- **Records from a data collection**
· · · · ·

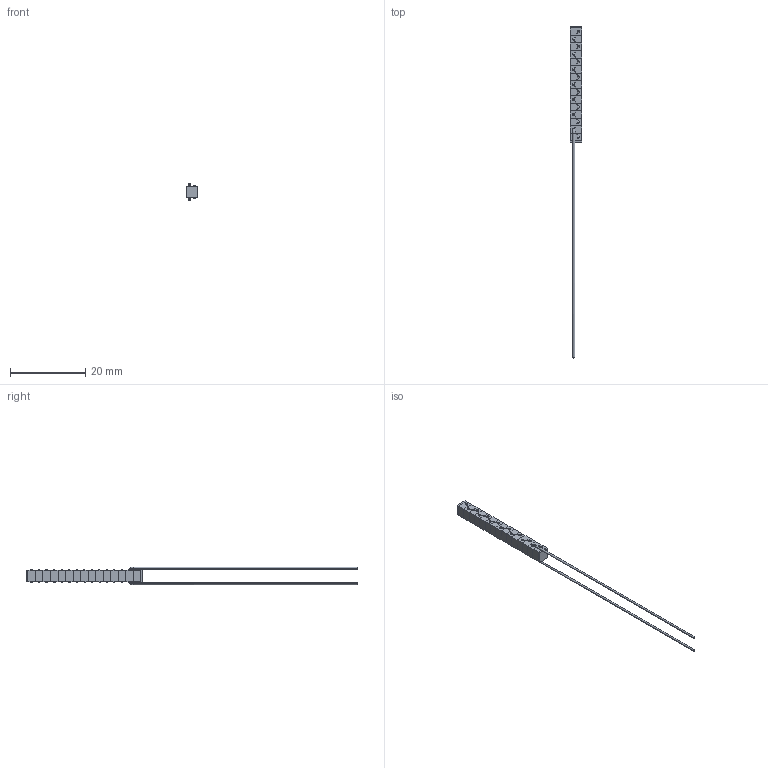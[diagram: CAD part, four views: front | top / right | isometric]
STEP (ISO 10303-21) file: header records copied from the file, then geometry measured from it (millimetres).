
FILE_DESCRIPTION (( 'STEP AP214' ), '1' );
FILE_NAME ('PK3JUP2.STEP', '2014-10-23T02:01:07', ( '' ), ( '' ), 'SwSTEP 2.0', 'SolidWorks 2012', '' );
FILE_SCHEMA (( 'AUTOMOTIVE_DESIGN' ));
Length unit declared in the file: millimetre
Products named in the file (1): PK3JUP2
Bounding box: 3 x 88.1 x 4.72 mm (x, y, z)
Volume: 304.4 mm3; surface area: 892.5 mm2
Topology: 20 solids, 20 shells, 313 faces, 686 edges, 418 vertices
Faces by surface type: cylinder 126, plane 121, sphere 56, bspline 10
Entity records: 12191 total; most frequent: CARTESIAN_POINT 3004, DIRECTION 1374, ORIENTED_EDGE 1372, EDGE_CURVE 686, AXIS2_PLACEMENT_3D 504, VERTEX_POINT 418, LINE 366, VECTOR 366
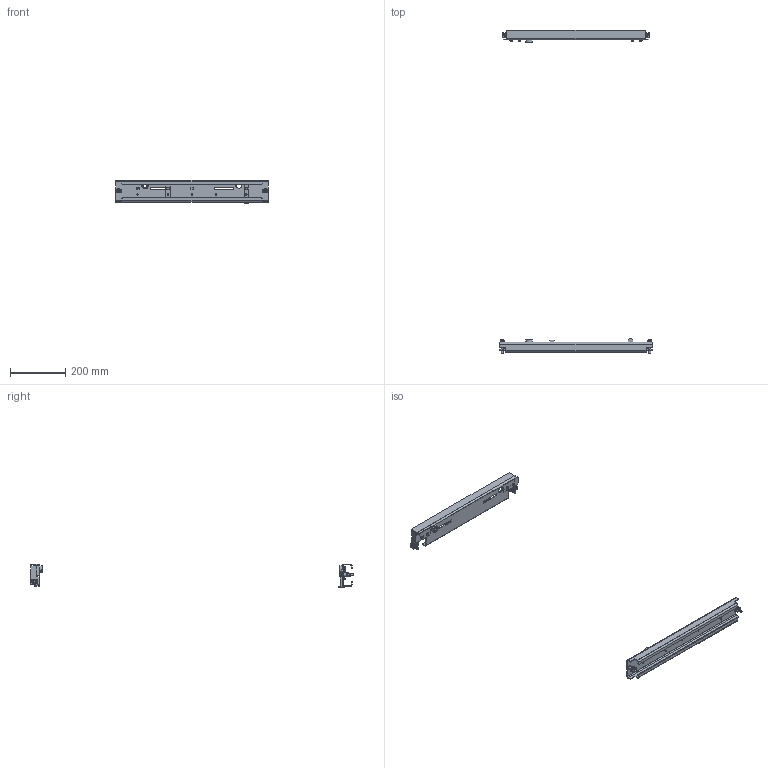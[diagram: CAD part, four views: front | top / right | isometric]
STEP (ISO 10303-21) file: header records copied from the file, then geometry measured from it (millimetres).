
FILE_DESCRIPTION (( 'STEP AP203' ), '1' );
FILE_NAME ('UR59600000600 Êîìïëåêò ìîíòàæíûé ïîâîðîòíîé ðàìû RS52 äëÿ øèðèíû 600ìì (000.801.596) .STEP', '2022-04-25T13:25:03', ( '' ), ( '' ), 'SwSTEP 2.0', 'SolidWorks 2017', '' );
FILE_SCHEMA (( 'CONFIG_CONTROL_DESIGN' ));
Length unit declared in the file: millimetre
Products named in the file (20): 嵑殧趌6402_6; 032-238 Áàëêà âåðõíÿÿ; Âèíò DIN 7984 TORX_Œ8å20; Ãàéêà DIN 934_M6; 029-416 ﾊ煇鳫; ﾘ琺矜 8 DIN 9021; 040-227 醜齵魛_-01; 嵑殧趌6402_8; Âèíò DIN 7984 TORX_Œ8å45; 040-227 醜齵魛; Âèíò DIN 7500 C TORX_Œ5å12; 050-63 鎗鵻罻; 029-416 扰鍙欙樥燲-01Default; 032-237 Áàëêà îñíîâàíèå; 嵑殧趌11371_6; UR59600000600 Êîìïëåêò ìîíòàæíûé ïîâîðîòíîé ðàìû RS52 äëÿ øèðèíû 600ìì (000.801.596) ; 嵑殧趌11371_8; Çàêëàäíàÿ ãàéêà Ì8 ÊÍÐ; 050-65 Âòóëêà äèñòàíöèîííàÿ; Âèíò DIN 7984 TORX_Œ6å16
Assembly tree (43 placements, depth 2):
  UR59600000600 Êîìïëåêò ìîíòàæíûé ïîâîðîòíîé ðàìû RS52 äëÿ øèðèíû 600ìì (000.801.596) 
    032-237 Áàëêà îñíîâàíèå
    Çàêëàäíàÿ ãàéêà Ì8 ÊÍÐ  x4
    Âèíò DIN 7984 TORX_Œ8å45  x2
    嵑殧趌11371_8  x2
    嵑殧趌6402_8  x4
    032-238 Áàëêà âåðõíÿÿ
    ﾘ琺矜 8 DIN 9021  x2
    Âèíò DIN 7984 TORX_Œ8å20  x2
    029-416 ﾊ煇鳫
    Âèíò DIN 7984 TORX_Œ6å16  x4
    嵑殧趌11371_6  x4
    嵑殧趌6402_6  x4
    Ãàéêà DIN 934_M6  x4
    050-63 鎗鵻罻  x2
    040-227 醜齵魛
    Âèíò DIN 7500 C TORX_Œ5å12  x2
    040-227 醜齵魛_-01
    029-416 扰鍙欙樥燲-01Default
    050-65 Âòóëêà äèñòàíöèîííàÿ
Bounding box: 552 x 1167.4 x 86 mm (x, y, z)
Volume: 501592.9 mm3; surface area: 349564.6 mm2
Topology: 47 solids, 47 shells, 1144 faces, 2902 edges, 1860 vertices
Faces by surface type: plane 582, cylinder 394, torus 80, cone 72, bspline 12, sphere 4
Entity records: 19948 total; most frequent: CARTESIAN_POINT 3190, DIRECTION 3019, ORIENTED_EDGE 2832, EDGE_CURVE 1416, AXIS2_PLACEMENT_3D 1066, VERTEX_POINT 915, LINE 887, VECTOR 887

· · · · ·

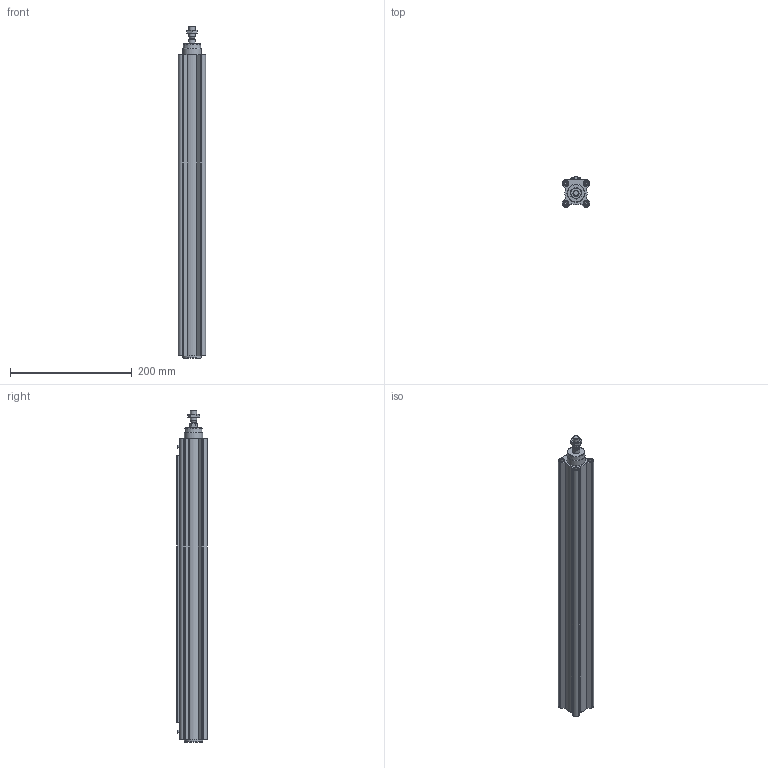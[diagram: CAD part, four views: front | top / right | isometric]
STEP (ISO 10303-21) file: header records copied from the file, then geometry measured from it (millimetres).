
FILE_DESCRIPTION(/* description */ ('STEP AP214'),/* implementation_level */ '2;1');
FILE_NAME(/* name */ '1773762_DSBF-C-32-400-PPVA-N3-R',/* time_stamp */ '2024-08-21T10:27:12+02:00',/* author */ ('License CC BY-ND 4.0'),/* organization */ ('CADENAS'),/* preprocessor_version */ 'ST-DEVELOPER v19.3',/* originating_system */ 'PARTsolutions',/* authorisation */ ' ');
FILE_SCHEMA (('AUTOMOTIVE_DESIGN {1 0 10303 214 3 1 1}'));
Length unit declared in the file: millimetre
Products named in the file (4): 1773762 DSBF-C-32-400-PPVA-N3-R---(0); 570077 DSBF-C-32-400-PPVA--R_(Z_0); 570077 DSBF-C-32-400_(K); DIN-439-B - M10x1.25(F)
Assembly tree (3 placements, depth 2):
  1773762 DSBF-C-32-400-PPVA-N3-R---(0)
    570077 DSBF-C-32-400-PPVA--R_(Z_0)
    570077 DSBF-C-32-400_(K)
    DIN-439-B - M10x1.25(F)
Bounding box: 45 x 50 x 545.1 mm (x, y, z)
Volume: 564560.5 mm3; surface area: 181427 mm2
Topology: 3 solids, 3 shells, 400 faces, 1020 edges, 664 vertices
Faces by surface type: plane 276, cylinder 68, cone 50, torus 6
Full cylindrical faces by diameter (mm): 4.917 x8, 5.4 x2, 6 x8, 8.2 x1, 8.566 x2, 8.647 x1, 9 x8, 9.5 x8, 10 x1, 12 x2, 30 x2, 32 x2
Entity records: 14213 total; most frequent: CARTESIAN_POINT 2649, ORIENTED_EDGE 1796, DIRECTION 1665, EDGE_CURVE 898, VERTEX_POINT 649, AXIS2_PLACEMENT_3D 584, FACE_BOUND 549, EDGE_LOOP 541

· · · · ·

- **EXERCISE AIM**
Within the data above, the span starting at the line containing "FILE_SCHEMA (( 'CONFIG_CONTROL_DESIGN' ));" and ending at the line containing "Volume: 501592.9 mm3;" is to be retyped exactly, with no other lines.

- **REPLY**
FILE_SCHEMA (( 'CONFIG_CONTROL_DESIGN' ));
Length unit declared in the file: millimetre
Products named in the file (20): 嵑殧趌6402_6; 032-238 Áàëêà âåðõíÿÿ; Âèíò DIN 7984 TORX_Œ8å20; Ãàéêà DIN 934_M6; 029-416 ﾊ煇鳫; ﾘ琺矜 8 DIN 9021; 040-227 醜齵魛_-01; 嵑殧趌6402_8; Âèíò DIN 7984 TORX_Œ8å45; 040-227 醜齵魛; Âèíò DIN 7500 C TORX_Œ5å12; 050-63 鎗鵻罻; 029-416 扰鍙欙樥燲-01Default; 032-237 Áàëêà îñíîâàíèå; 嵑殧趌11371_6; UR59600000600 Êîìïëåêò ìîíòàæíûé ïîâîðîòíîé ðàìû RS52 äëÿ øèðèíû 600ìì (000.801.596) ; 嵑殧趌11371_8; Çàêëàäíàÿ ãàéêà Ì8 ÊÍÐ; 050-65 Âòóëêà äèñòàíöèîííàÿ; Âèíò DIN 7984 TORX_Œ6å16
Assembly tree (43 placements, depth 2):
  UR59600000600 Êîìïëåêò ìîíòàæíûé ïîâîðîòíîé ðàìû RS52 äëÿ øèðèíû 600ìì (000.801.596) 
    032-237 Áàëêà îñíîâàíèå
    Çàêëàäíàÿ ãàéêà Ì8 ÊÍÐ  x4
    Âèíò DIN 7984 TORX_Œ8å45  x2
    嵑殧趌11371_8  x2
    嵑殧趌6402_8  x4
    032-238 Áàëêà âåðõíÿÿ
    ﾘ琺矜 8 DIN 9021  x2
    Âèíò DIN 7984 TORX_Œ8å20  x2
    029-416 ﾊ煇鳫
    Âèíò DIN 7984 TORX_Œ6å16  x4
    嵑殧趌11371_6  x4
    嵑殧趌6402_6  x4
    Ãàéêà DIN 934_M6  x4
    050-63 鎗鵻罻  x2
    040-227 醜齵魛
    Âèíò DIN 7500 C TORX_Œ5å12  x2
    040-227 醜齵魛_-01
    029-416 扰鍙欙樥燲-01Default
    050-65 Âòóëêà äèñòàíöèîííàÿ
Bounding box: 552 x 1167.4 x 86 mm (x, y, z)
Volume: 501592.9 mm3; surface area: 349564.6 mm2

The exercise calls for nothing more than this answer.